• STUDY MATERIAL:
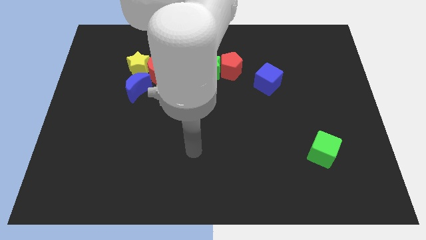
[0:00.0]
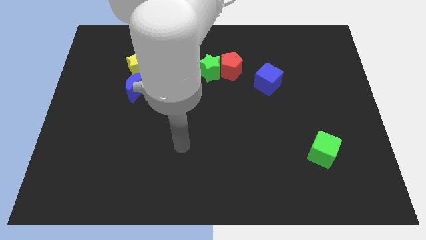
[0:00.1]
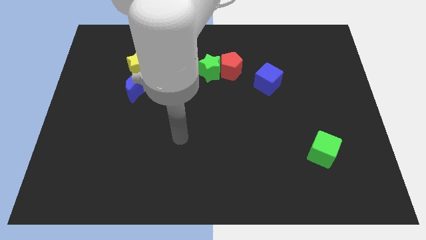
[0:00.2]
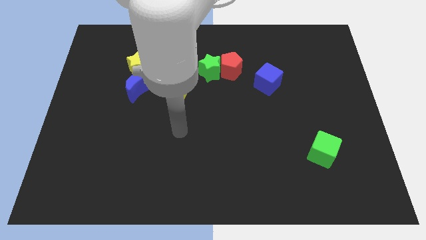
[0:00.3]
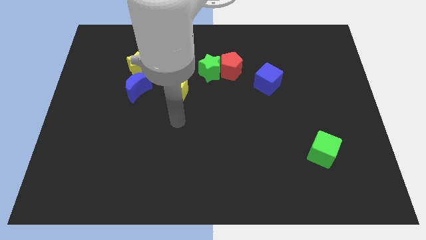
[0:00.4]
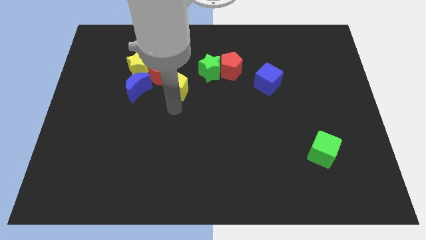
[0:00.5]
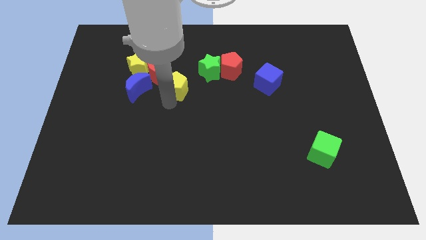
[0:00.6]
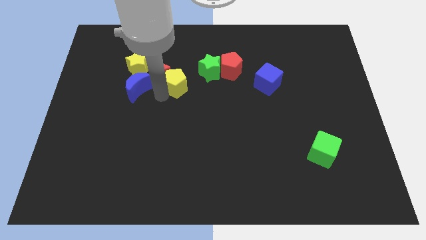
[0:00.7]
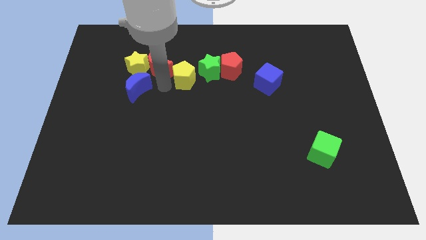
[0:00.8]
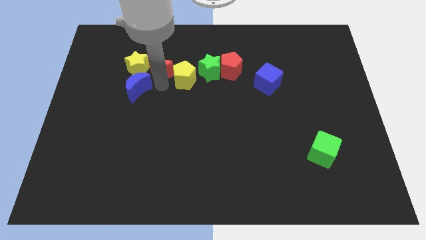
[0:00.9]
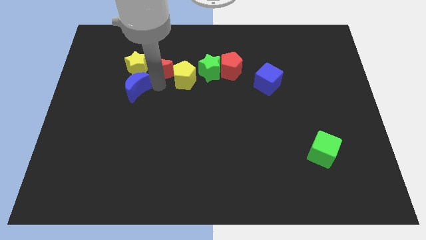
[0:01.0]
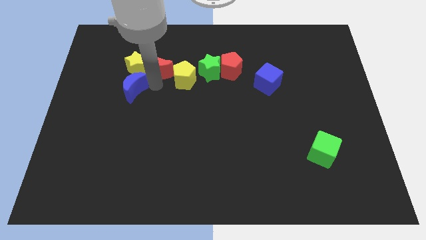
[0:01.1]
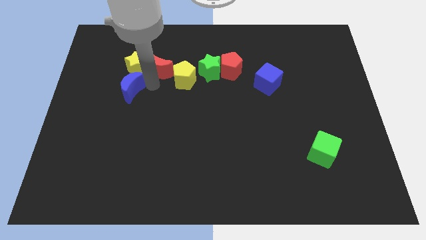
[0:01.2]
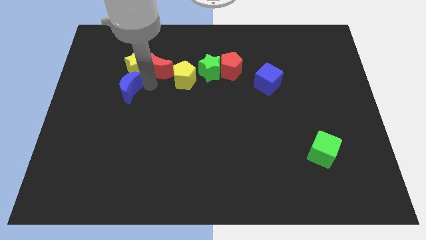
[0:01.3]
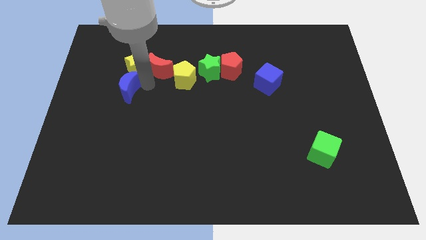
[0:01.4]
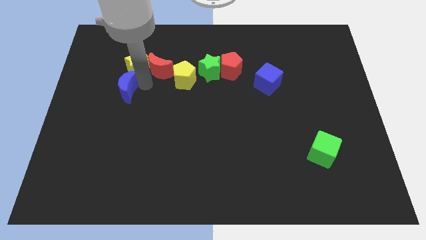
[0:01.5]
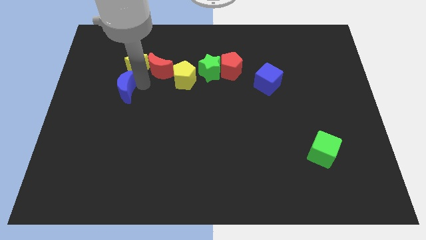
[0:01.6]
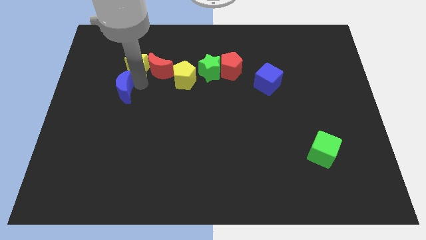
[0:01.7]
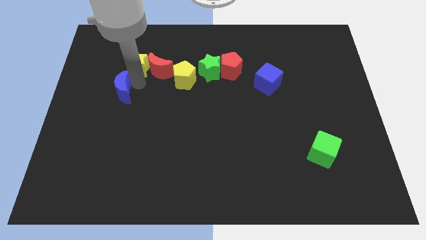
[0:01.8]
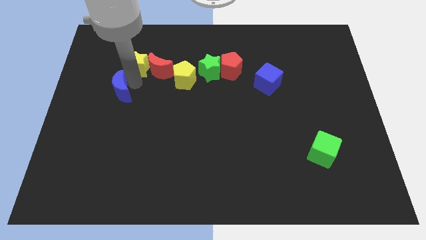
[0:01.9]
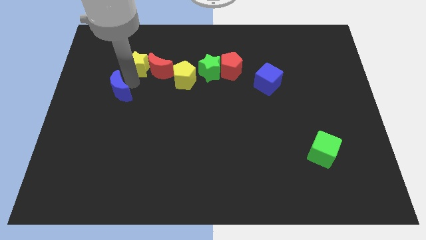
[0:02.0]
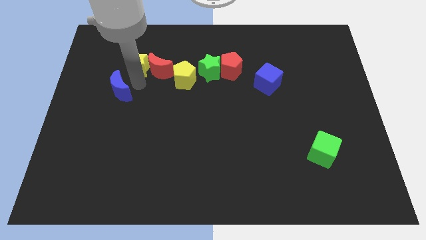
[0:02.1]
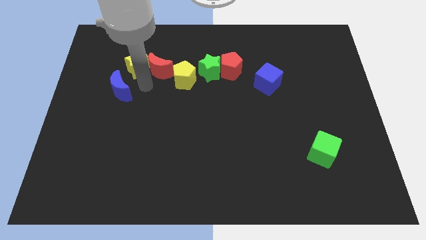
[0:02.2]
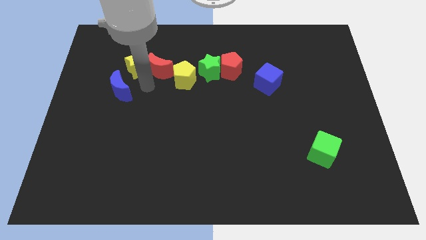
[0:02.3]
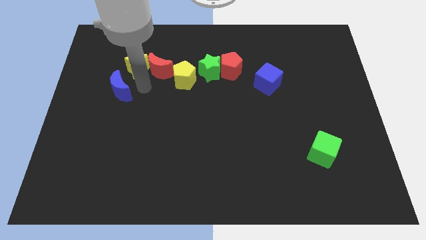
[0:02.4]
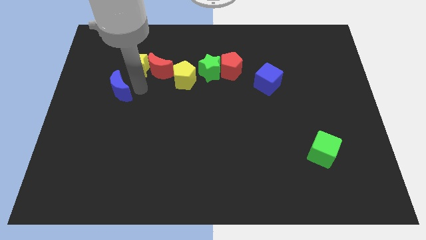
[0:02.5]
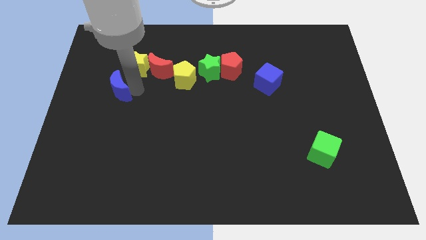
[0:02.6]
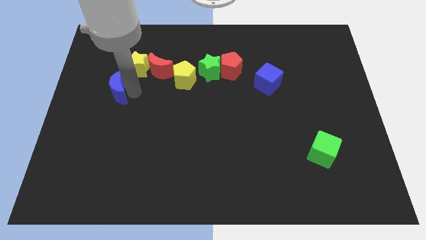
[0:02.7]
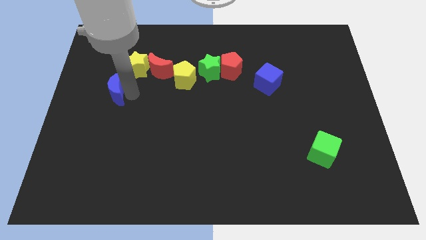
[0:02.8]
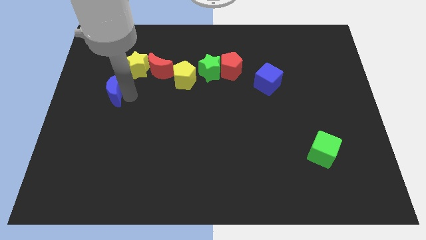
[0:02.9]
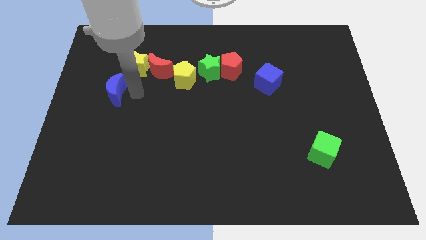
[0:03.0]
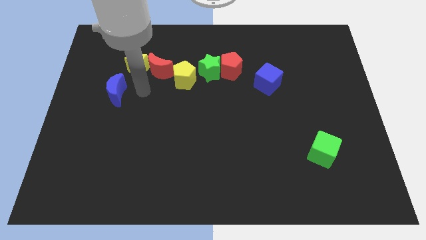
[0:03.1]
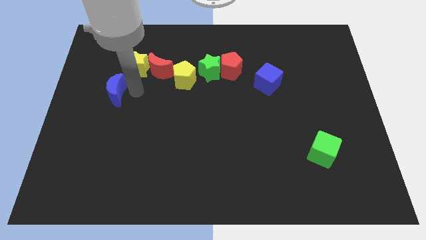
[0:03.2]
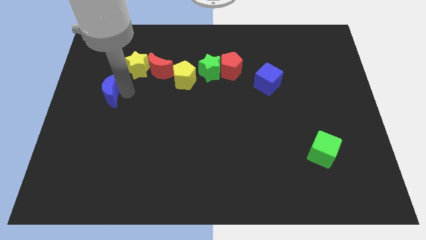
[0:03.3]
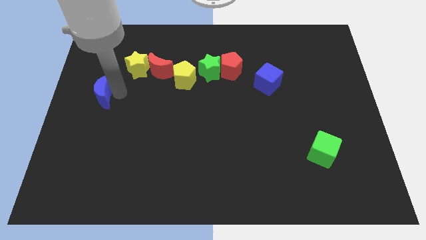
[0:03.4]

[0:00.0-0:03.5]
slide the blue moon to the center left

• TASK REQUIREMENTS:
Quote the preceding records in their entirety, excluding every picture.

• THE COMPLETED TASK:
[0:00.0]
[0:00.1]
[0:00.2]
[0:00.3]
[0:00.4]
[0:00.5]
[0:00.6]
[0:00.7]
[0:00.8]
[0:00.9]
[0:01.0]
[0:01.1]
[0:01.2]
[0:01.3]
[0:01.4]
[0:01.5]
[0:01.6]
[0:01.7]
[0:01.8]
[0:01.9]
[0:02.0]
[0:02.1]
[0:02.2]
[0:02.3]
[0:02.4]
[0:02.5]
[0:02.6]
[0:02.7]
[0:02.8]
[0:02.9]
[0:03.0]
[0:03.1]
[0:03.2]
[0:03.3]
[0:03.4]

[0:00.0-0:03.5]
slide the blue moon to the center left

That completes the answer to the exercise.